**INITIALIZATION:**
- I use these three lines of code on top of my each notebooks because it will help to prevent any problems while reloading the same project. And the third line of code helps to make visualization within the notebook.

In [1]:
#@ INITIALIZATION:
%reload_ext autoreload
%autoreload 2
%matplotlib inline

**DOWNLOADING LIBRARIES AND DEPENDENCIES:**
- I have downloaded all the libraries and dependencies required for the project in one particular cell.

In [3]:
#@ DOWNLOADING THE LIBRARIES AND DEPENDENCIES:
# !pip install -U d2l
from d2l import torch as d2l

import os, re
import torch     
from torch import nn                                
from IPython import display

**GETTING THE DATASET:**
- I have used google colab for this notebook so the process of downloading and reading the data might be different in other platforms. I will use **Stanford Natural Language Inference Corpus** for this notebook. The SNLI Corpus is a collection of over 500000 labeled english pairs. 

In [5]:
#@ GETTING THE DATASET: 
d2l.DATA_HUB["SNLI"] = ('https://nlp.stanford.edu/projects/snli/snli_1.0.zip',
                        '9fcde07509c7e87ec61c640c1b2753d9041758e4')               # Reading the Dataset. 
data_dir = d2l.download_extract("SNLI")                                           # Extracting the Dataset. 

**READING THE DATASET:**
- I will define a function to only extract part of the dataset and then return list of premises, hypothesis and their labels. 

In [8]:
#@ READING THE DATASET: 
def read_snli(data_dir, is_train):                                # Reading Dataset into Premises, Hypothesis and Labels. 
  def extract_text(s):                                            # Removing unwanted Texts. 
    s = re.sub("\\(", "", s)                                      # Removing Information. 
    s = re.sub("\\)", "", s)                                      # Removing Information. 
    s = re.sub("\\s{2,}", " ", s)                                 # Replacing Whitespaces with Space. 
    return s.strip()
  
  label_set = {"entailment": 0, "contradiction": 1, 
               "neutral": 2}                                      # Initializing Labels. 
  file_name = os.path.join(data_dir, "snli_1.0_train.txt" if \
                           is_train else "snli_1.0_test.txt")
  with open(file_name, "r") as f: 
    rows = [row.split("\t") for row in f.readlines()[1:]]
  premises = [extract_text(row[1]) for row in rows if row[0] in 
              label_set]                                          # Initializing Premises. 
  hypothesis = [extract_text(row[2]) for row in rows if row[0] \
                in label_set]                                     # Initializing Hypothesis. 
  labels = [label_set[row[0]] for row in rows if row[0] in 
            label_set]                                            # Initializing Labels. 
  return premises, hypothesis, labels

In [9]:
#@ IMPLEMENTATION: 
train_data = read_snli(data_dir, is_train=True)                   # Implementation of Function. 
for x0, x1, y in zip(train_data[0][:3], train_data[1][:3], 
                     train_data[2][:3]):
  print("premise:", x0)                                           # Inspecting Premises. 
  print("hypothesis:", x1)                                        # Inspecting Hypothesis. 
  print("label:", y)                                              # Inspecting Labels. 
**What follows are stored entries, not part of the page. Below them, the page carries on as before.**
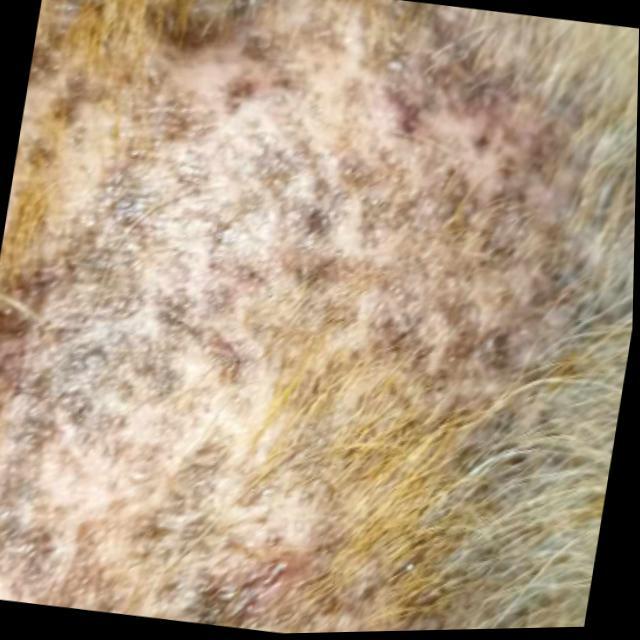
Canine demodicosis (Demodex mange) — caused by Demodex canis mites. Presents with alopecia, follicular papules, pustules, and comedones. Often localized on face and forelimbs.
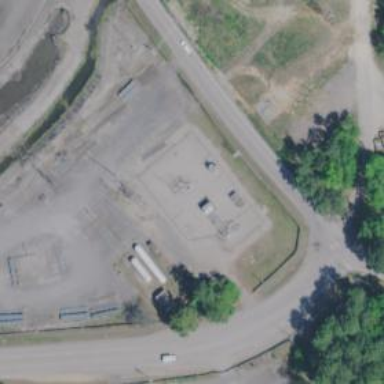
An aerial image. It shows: Industrial power substation enclosed by fence.
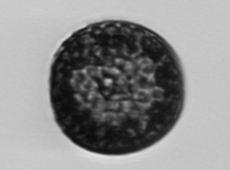
Label: Coscinodiscus
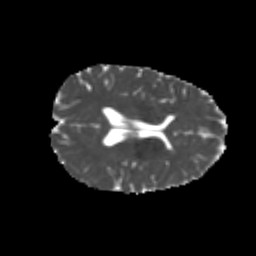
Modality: MD
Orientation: axial
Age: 23
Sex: female
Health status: healthy
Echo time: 0.074 s
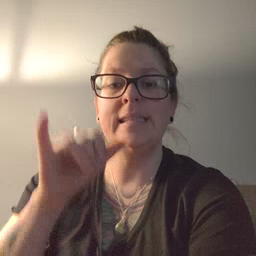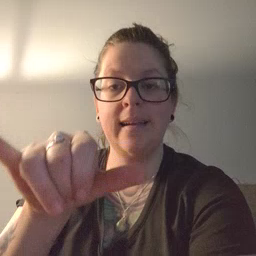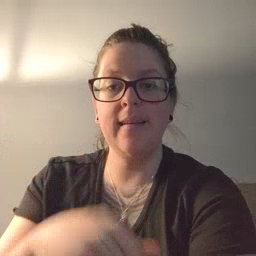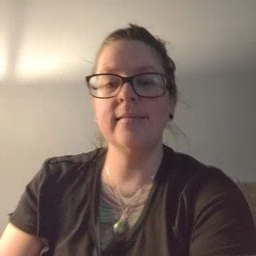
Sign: stay
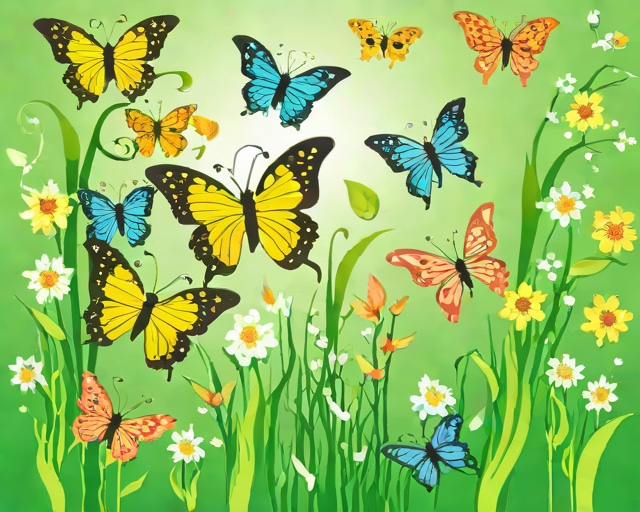
Category: Easter
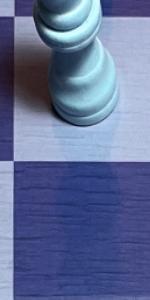
Label: Empty
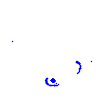
Particle: kaon
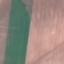
Land use / land cover class: AnnualCrop
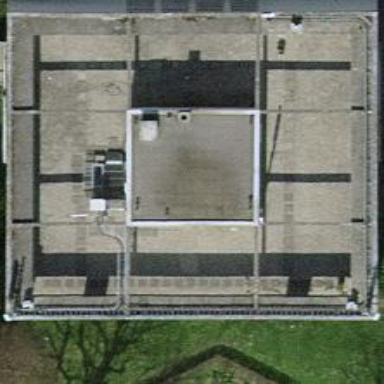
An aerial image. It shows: Flat-roofed apartment building.
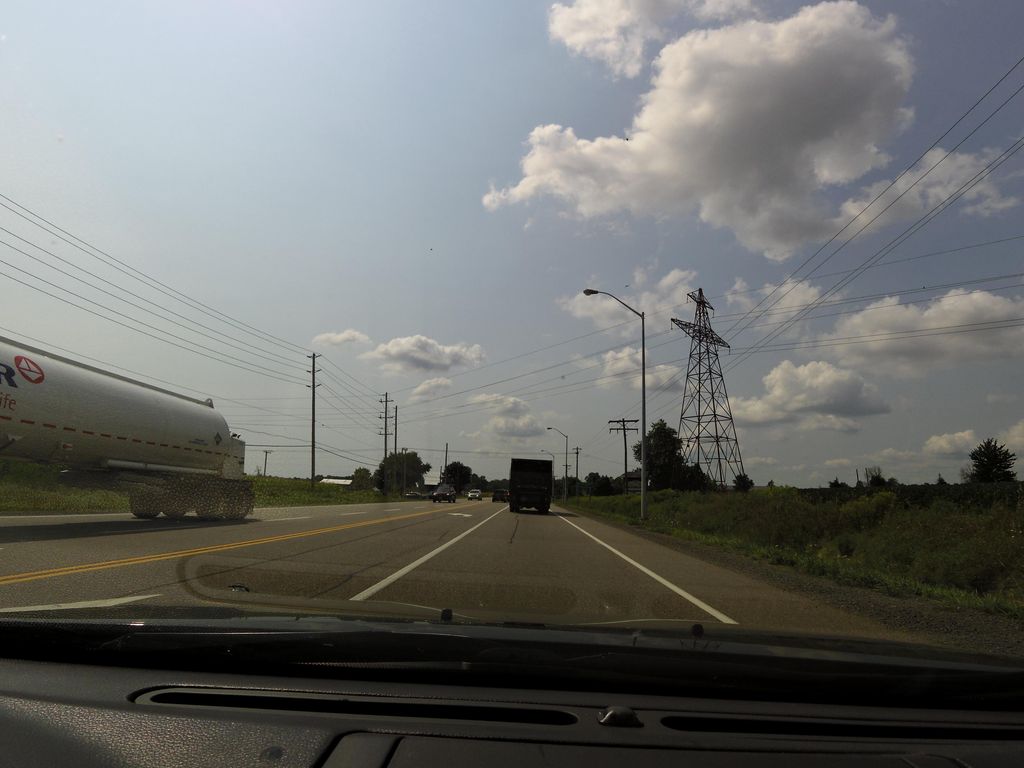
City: hamilton
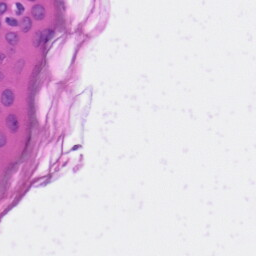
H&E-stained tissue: Skin
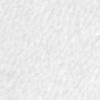
Label: no_change
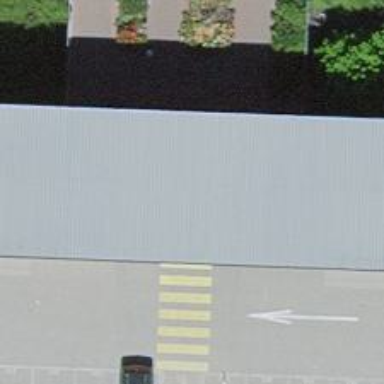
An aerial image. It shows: Road with steps.
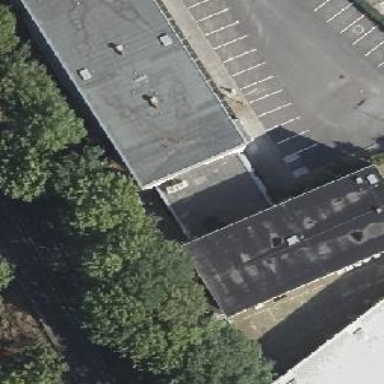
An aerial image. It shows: Commercial building.
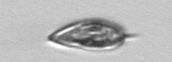
Label: Prorocentrum_triestinum
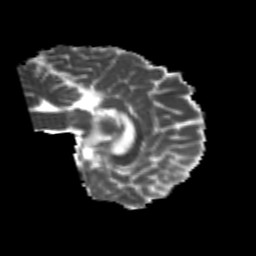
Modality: MD
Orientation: sagittal
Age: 24
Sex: female
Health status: healthy
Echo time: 0.074 s
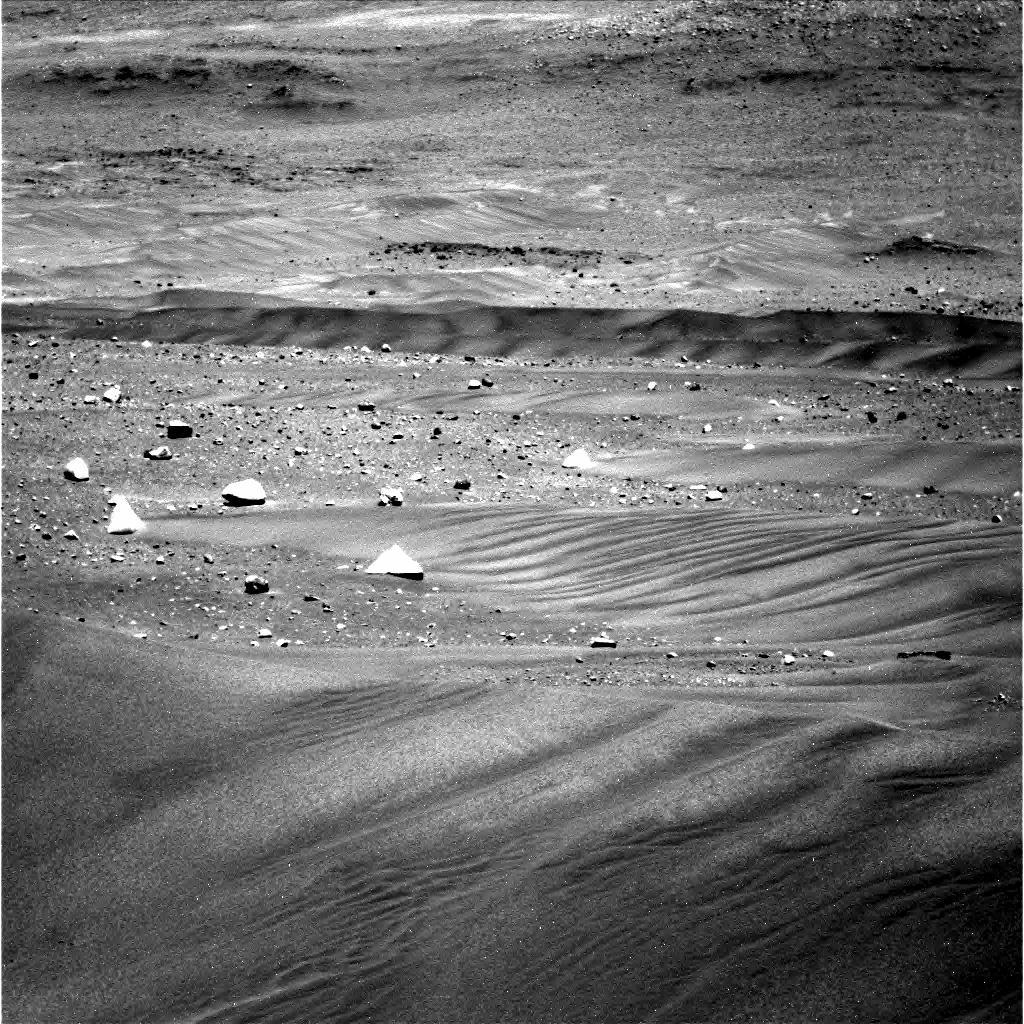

premise: A person on a horse jumps over a broken down airplane .
hypothesis: A person is training his horse for a competition .
label: 2
premise: A person on a horse jumps over a broken down airplane .
hypothesis: A person is at a diner , ordering an omelette .
label: 1
premise: A person on a horse jumps over a broken down airplane .
hypothesis: A person is outdoors , on a horse .
label: 0


In [10]:
#@ READING THE DATASET: 
test_data = read_snli(data_dir, is_train=False)                   # Implementation of Function. 
for data in [train_data, test_data]:
  print([[row for row in data[2]].count(i) for i in range(3)])    # Inspecting the Data. 

[183416, 183187, 182764]
[3368, 3237, 3219]